*** Opening Data supplied ***

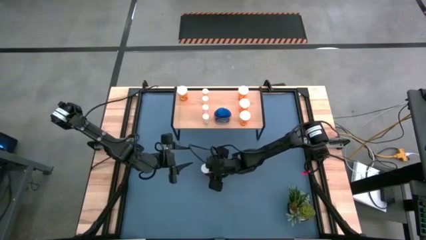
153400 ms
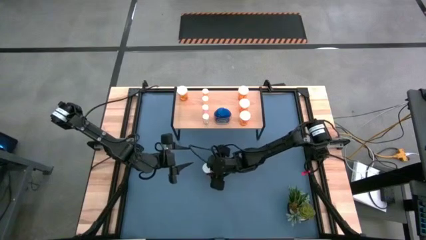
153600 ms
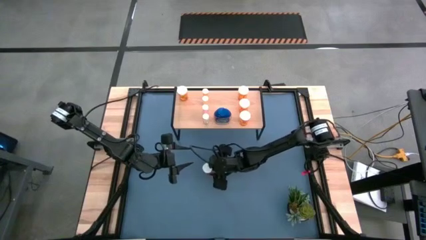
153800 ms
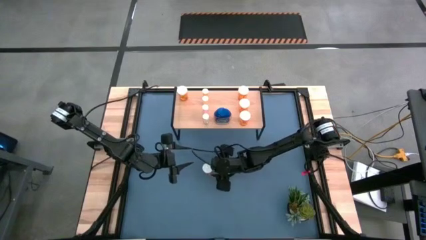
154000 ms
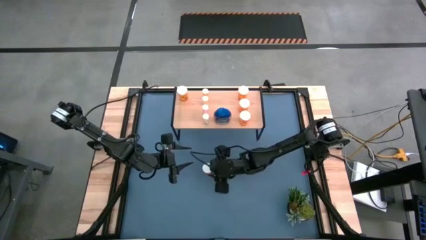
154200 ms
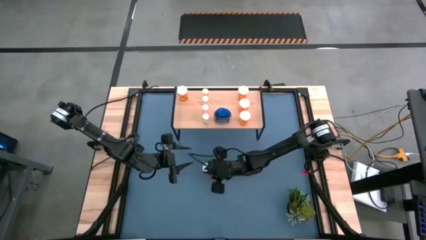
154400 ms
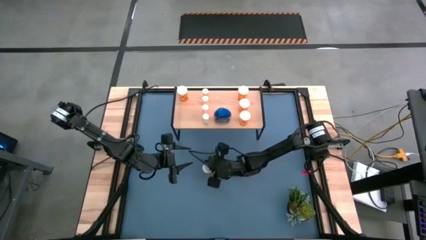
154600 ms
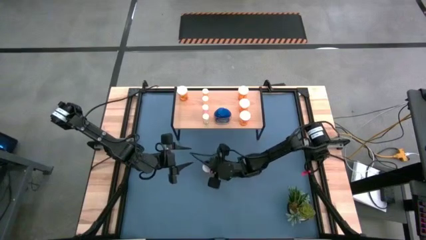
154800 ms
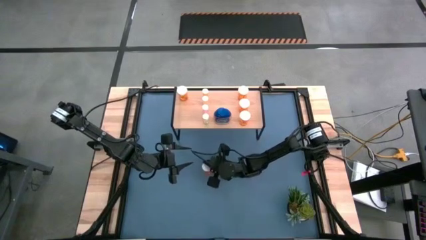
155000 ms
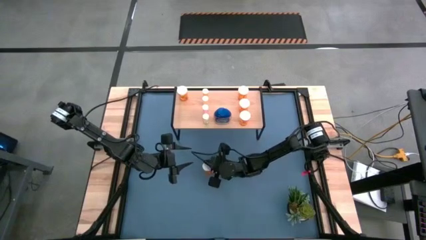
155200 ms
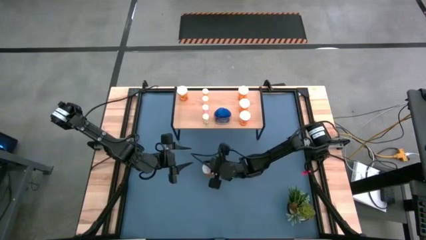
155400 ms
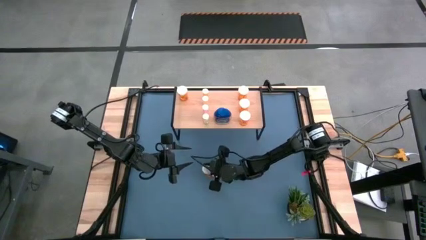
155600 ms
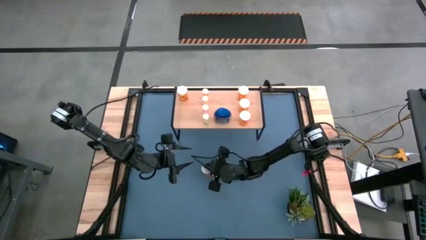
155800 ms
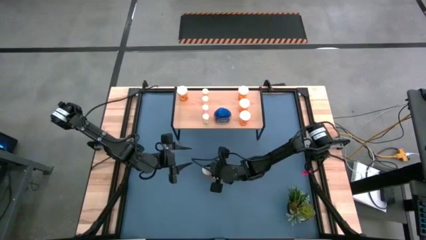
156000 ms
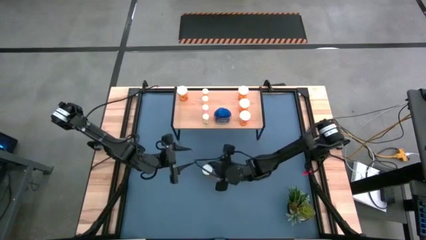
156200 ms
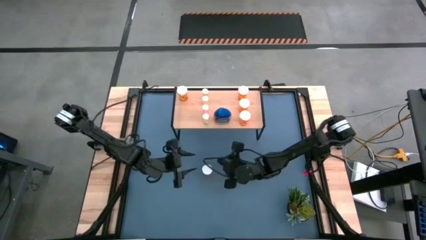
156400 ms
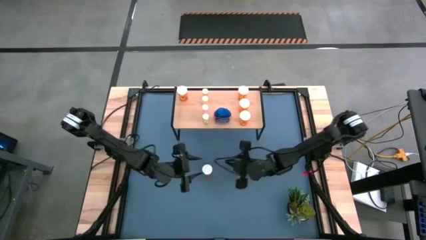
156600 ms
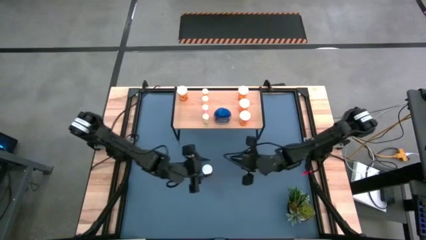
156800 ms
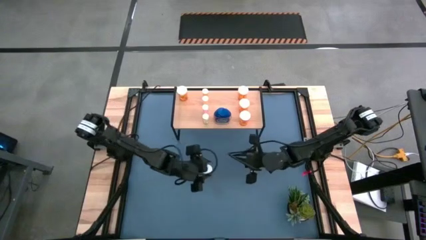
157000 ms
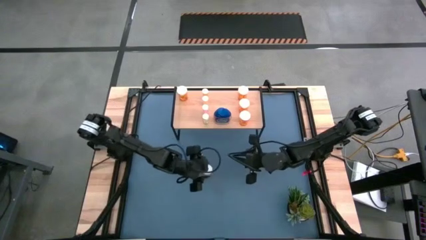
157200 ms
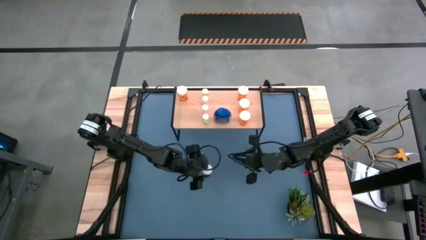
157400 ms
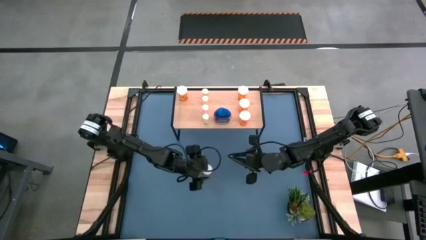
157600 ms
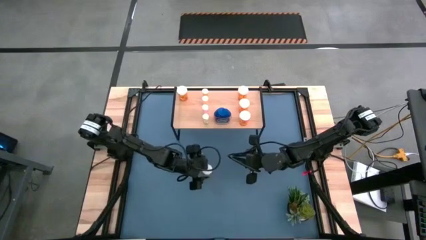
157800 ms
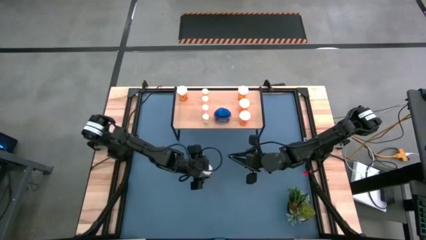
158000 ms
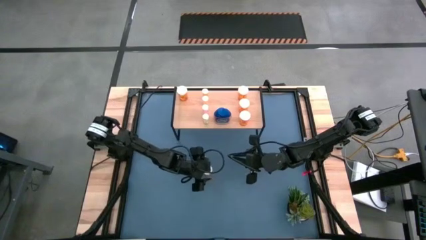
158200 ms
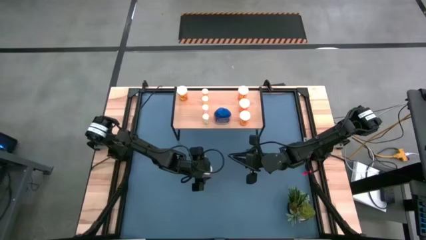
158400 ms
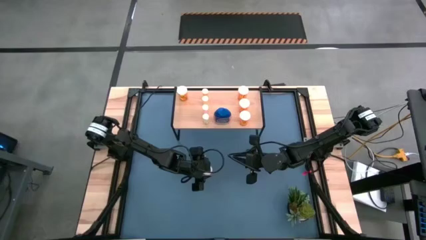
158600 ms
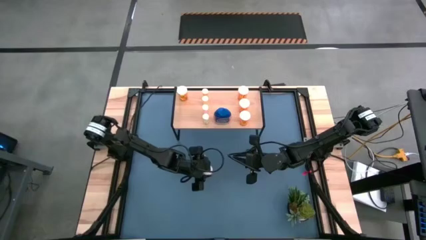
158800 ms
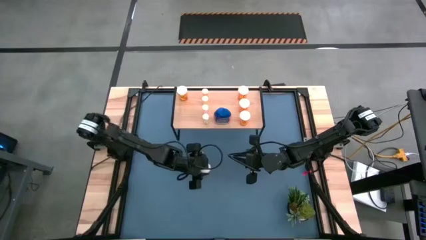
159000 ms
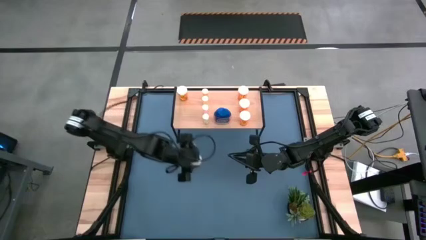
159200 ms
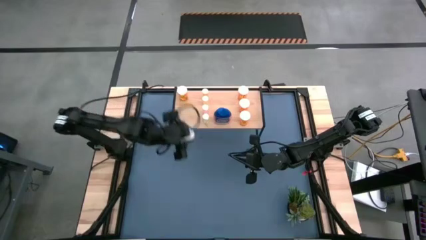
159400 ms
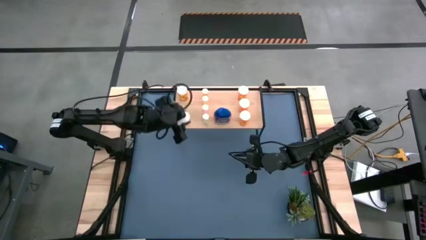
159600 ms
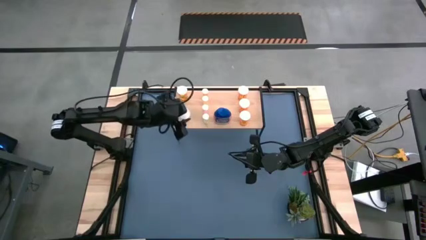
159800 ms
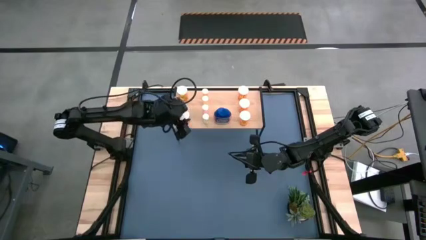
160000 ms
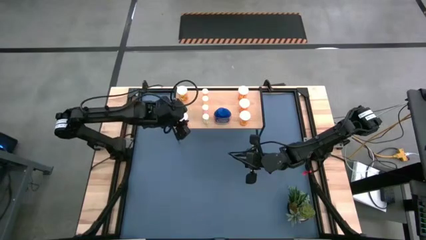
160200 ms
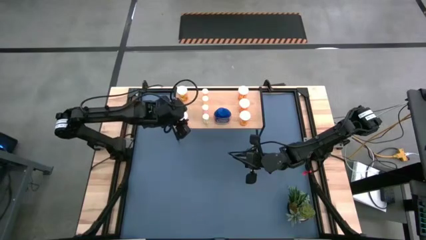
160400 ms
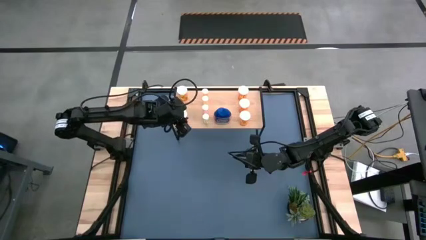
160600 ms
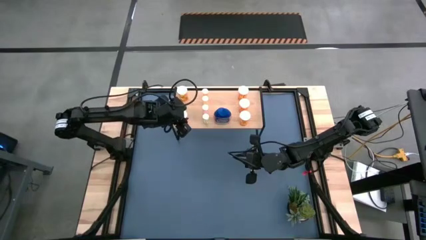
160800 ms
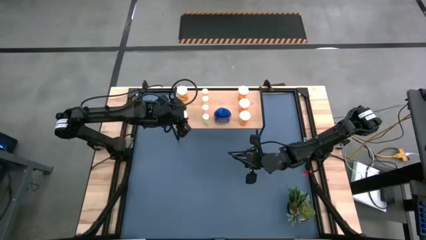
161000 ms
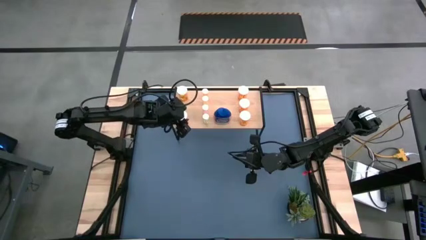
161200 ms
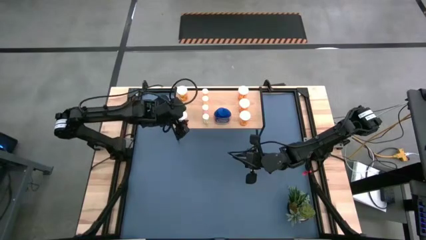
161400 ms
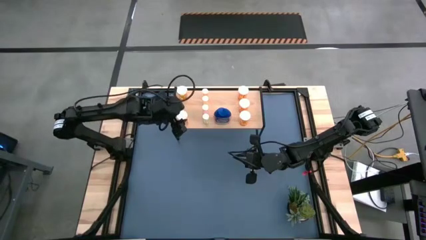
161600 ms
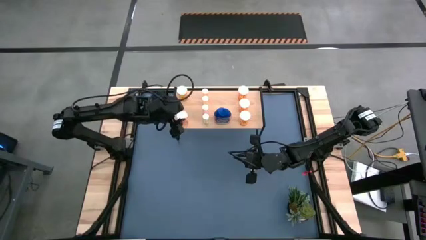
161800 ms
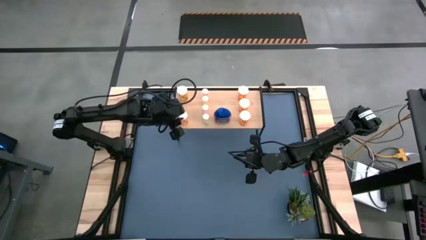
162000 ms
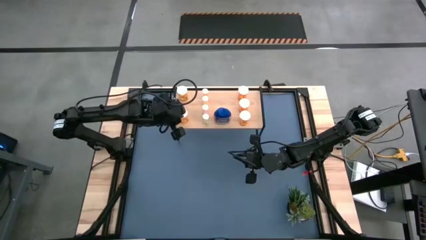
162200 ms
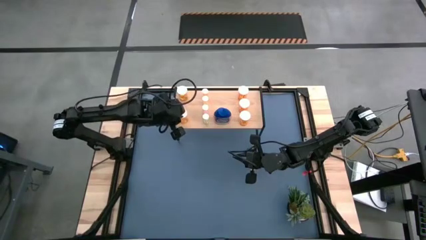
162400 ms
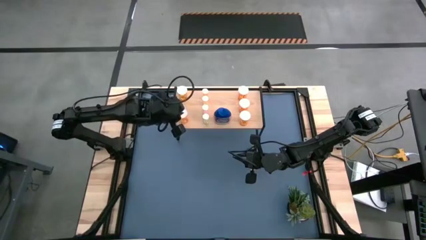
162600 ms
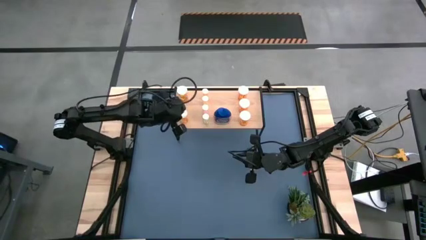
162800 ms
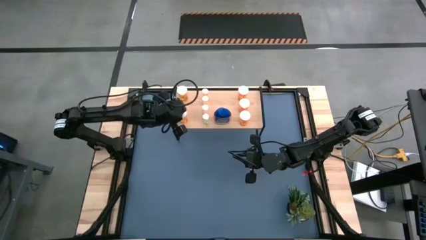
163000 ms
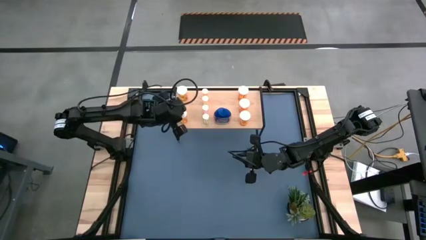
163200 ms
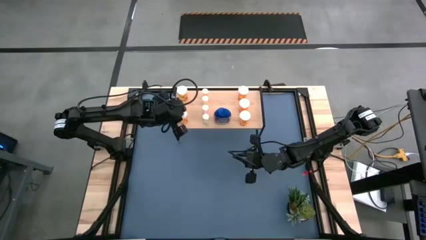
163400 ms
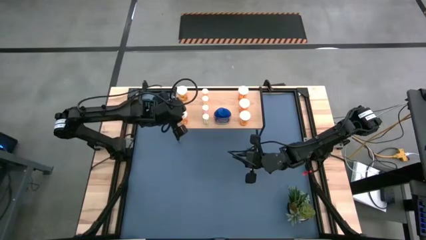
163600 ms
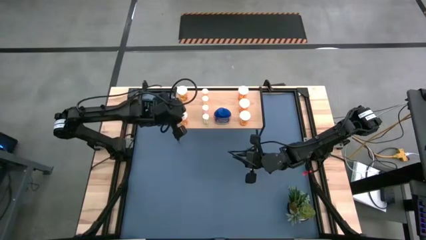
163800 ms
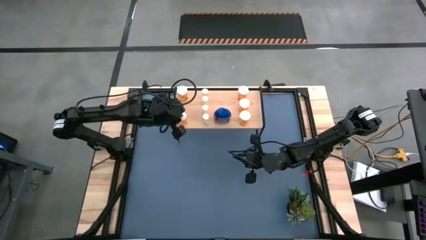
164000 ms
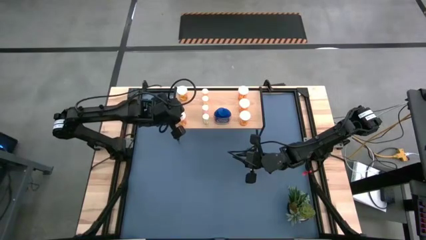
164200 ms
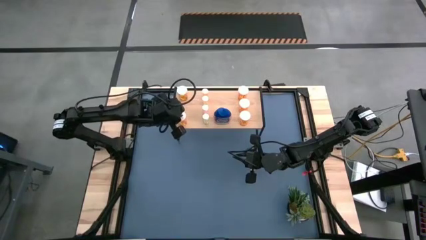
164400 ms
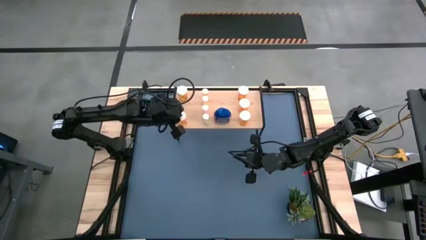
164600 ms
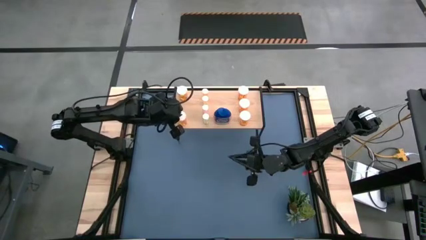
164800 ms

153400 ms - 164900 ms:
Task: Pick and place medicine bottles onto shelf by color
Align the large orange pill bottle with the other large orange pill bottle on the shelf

*** Closing Data supplied ***

> Work task: With the pictures omitted, the entries are to be transcribed in full, exactly as they appear.

> Task answer:
153400 ms
153600 ms
153800 ms
154000 ms
154200 ms
154400 ms
154600 ms
154800 ms
155000 ms
155200 ms
155400 ms
155600 ms
155800 ms
156000 ms
156200 ms
156400 ms
156600 ms
156800 ms
157000 ms
157200 ms
157400 ms
157600 ms
157800 ms
158000 ms
158200 ms
158400 ms
158600 ms
158800 ms
159000 ms
159200 ms
159400 ms
159600 ms
159800 ms
160000 ms
160200 ms
160400 ms
160600 ms
160800 ms
161000 ms
161200 ms
161400 ms
161600 ms
161800 ms
162000 ms
162200 ms
162400 ms
162600 ms
162800 ms
163000 ms
163200 ms
163400 ms
163600 ms
163800 ms
164000 ms
164200 ms
164400 ms
164600 ms
164800 ms

153400 ms - 164900 ms:
Task: Pick and place medicine bottles onto shelf by color
Align the large orange pill bottle with the other large orange pill bottle on the shelf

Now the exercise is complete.